Second, set a success criterion before you start. "Reduce processing time for X by 40%" or "free up Y hours per week for team Z." If you don't know what success looks like, you won't know you've failed either.
Third, budget for production from day one. The POC represents only 20 to 30% of the total cost. Integration, training, maintenance, monitoring — that's where the real game is played. A company that allocates 100% of its budget to the pilot has, by design, zero budget for what comes next.

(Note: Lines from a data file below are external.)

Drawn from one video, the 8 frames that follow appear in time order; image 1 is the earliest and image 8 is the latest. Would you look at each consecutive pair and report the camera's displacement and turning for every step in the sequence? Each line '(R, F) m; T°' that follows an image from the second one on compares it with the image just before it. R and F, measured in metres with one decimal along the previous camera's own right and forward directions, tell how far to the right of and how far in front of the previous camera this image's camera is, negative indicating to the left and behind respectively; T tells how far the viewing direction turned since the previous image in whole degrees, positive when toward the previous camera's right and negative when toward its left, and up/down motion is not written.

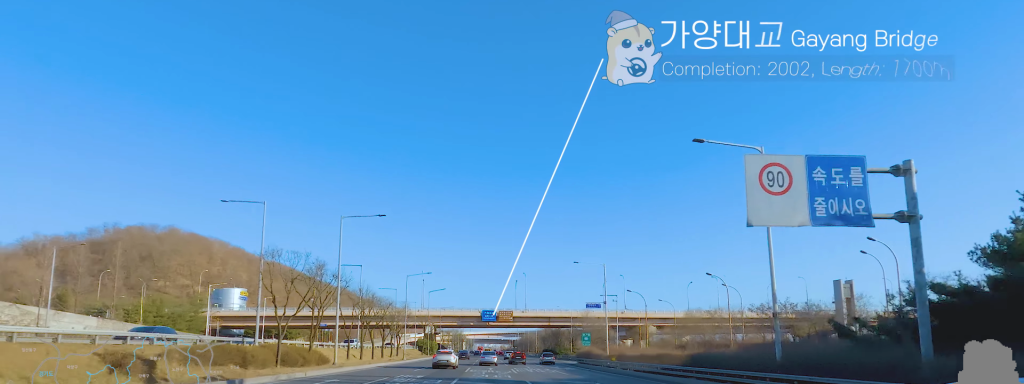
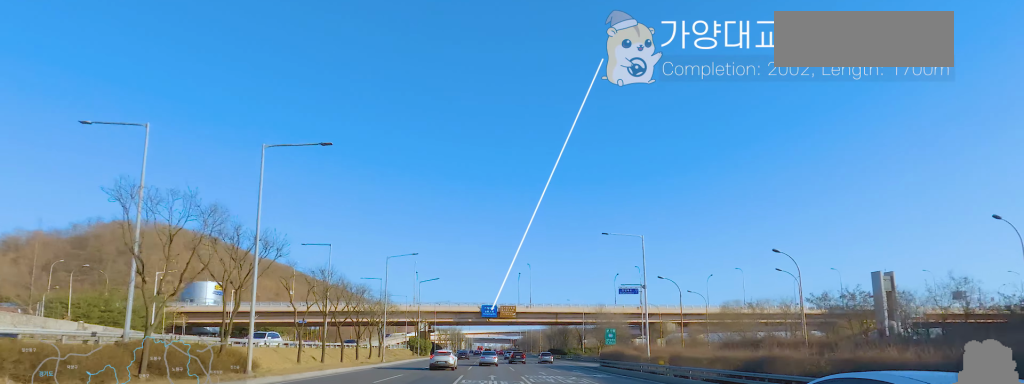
(0.0, +15.1) m; 0°
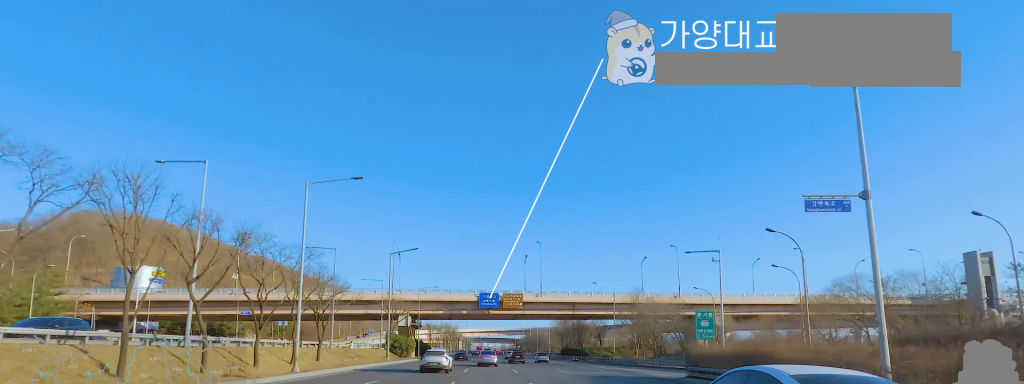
(+0.3, +26.7) m; +1°
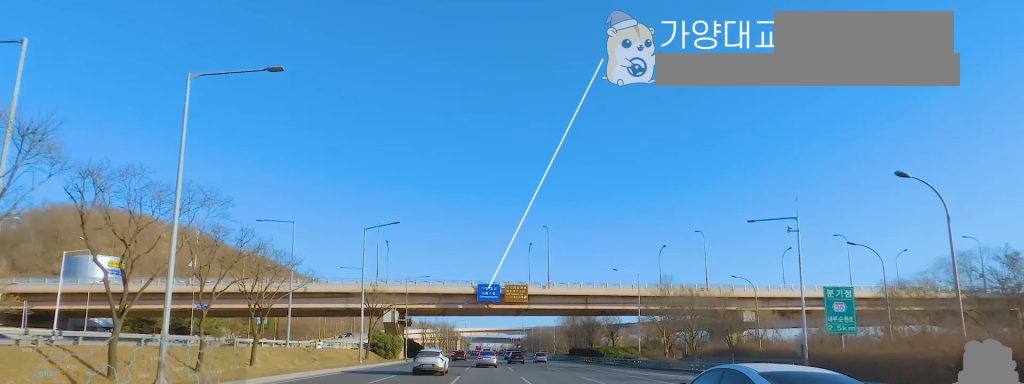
(+0.4, +13.6) m; -1°
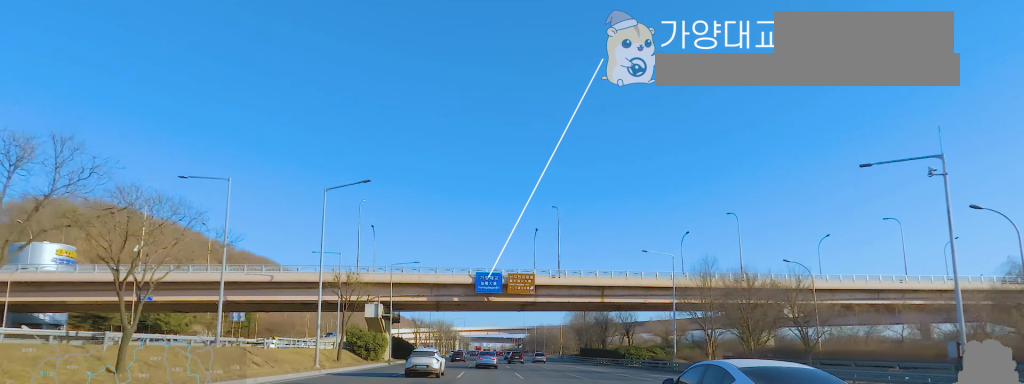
(-0.3, +13.7) m; -1°
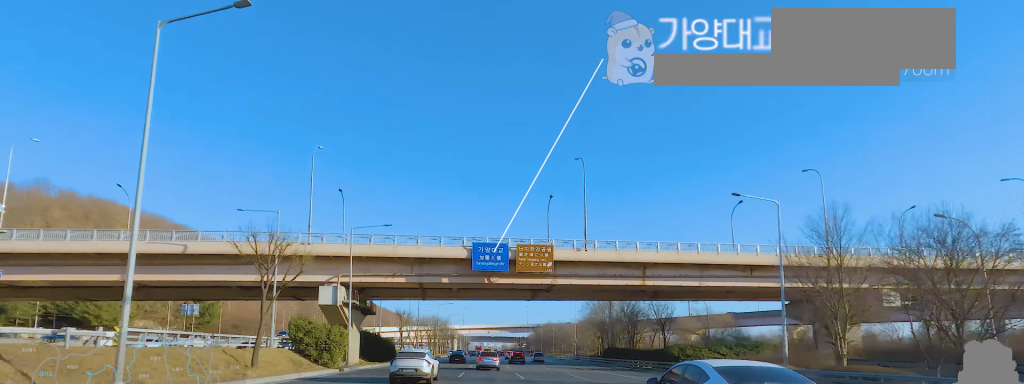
(-0.4, +21.2) m; -1°
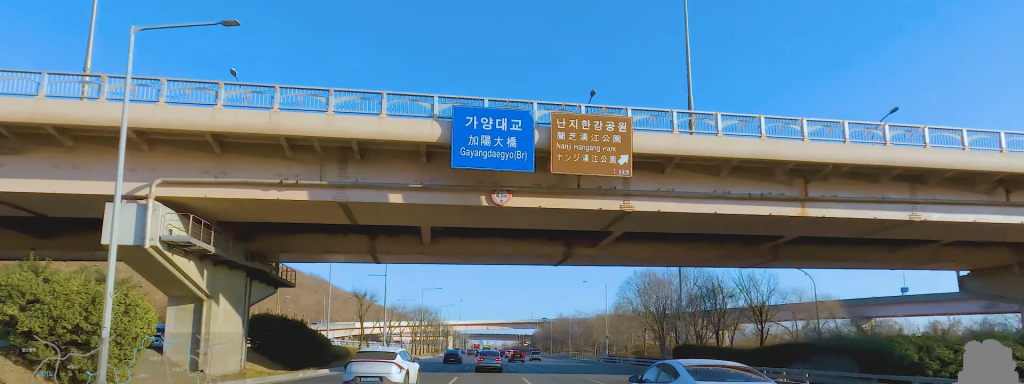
(+0.4, +27.2) m; 0°
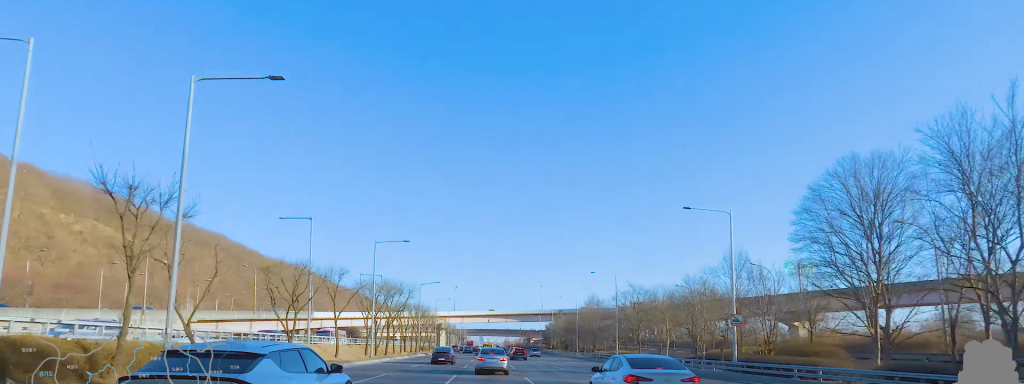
(+0.3, +39.0) m; +2°

Fourth, appoint a business owner, not just a technical one. AI that works in a company is driven by someone who understands the process it's transforming, not just someone who understands the APIs.
SMB AI deployments that follow this logic reach positive ROI in six to seven months on average, according to cross-referenced data from multiple consulting firms. That's not an outlandish timeline. But it requires you to stop treating AI as a subject of perpetual exploration.
The real risk isn't a failed pilot
The real risk is that the pilot becomes an end in itself. That it serves as an alibi to say "we're doing AI" without ever transforming anything. That the $200,000 spent by the manufacturing company at the beginning of this article gets multiplied a thousandfold across the economy with nothing to show for it.
42% of companies abandoned the majority of their AI initiatives in 2025 — up from 17% in 2024. The acceleration of abandonment is as rapid as the acceleration of adoption. This isn't a sign of maturity. It's a sign that many entered through the wrong door.
The question to ask isn't "should we be doing AI?" It's "are you ready to see it through, or are you funding a demo that nobody will ever deploy?"